智雄のようにゆっくりと近づいた父親は、突然息子を殴った。一切の躊躇なく。
それなりに場数を踏んでいる直樹も避けることも防ぐことも出来ず、そのまま床に崩れた。
「父さん……」
茫然と父親を呼ぶ直樹。理不尽過ぎる暴力だ。
そして、それは父親とて理解していた。
「不満があるなら帰って来てから怒れ。理不尽だと憤るなら、五体満足で友人を連れ帰って、俺のことをぶん殴れ」
恐らくは、父親として息子に出来る最後の抵抗だったのだろう。
子どもを戦地に行かせたくないという父親としての気持ちと、息子に選んだ道を歩んで欲しいという親としての願い。
後者が勝った。だから殴った。
情けなくも見える行為だったが、直樹はむしろ父親を誇らしく思っていた。
拳こそぶつけられたが、父は自分のことを愛している。自分のことを思い遣ってくれている。

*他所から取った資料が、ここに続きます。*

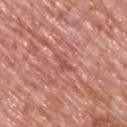Q: Was a biopsy performed?
A: no biopsy performed (imaged during a skin exam)
Q: What is the lesion's diameter?
A: ~3 mm (longest diameter)
Q: Patient demographics?
A: male, aged 73–77
Q: Lesion location?
A: the upper back
Q: How was the tile lit?
A: white-light illumination
Q: How was this image acquired?
A: 15 mm crop, total-body photography

係合する二つの気持ちを戦わせて、自分を送り出すことを選択してくれた。
ならば殴られようが笑っていられる。自信を持って、胸を張って戦場に参ることが出来る。
故に直樹はことばを紡いだ。ありがとう、と。
「ありがとう、父さん。母さん」
「……行くからには絶対に救え。そして、絶対に生きて帰れ」
「もちろん。どんな状況に陥っても、諦めたりしないよ」
父親と息子は握手を交わした。次に直樹は母親の手を握る。
ずっと黙っていた母親だったが、直樹はもうわかっていた。
母親も自分を愛してくれている。
自分は家族に恵まれていた。父も母も自分を愛し、その背中を押してくれている。
今まで色んな人間に出会ってきた。皆、個性豊かで人間とは色んな在り方があっていいんだと学べた。
いや、まだまだ学び足りない。
まだ自分は十七歳。まともに恋愛もしてないし、人生を謳歌してもいない。
だから、世界を守る。
今までたくさん大事なモノを貰ってきた。今度は俺が与える番だ。
「直樹……頑張ってね」
「……うん。行ってきます」
十分すぎるほど覚悟した少年は、軽く周囲を散歩するような気軽さで部屋を後にした。
その意志の前には、どんな悪意も敵わない。
そんな気を起こさせるほど、逞しい成長した姿だった。
「心……待ってろ。今すぐ行く」
場所は変わって、日本。
轟音に続く轟音。煌めく爆発。空に上がる黒煙。
かろうじで攻撃を回避した黒い影は、手に黄金色の輝きをまき散らしながら歯噛みした。
「くっ……敵が……多い!」
直樹達が準備している合間に心は追いつめられていた。
自分の記憶に纏わる、思い出の深い場所で。
「やられる訳には」
いかない――。
決心したように呟いた心は、長い間整備されていない道路を敵に向かって走って行った。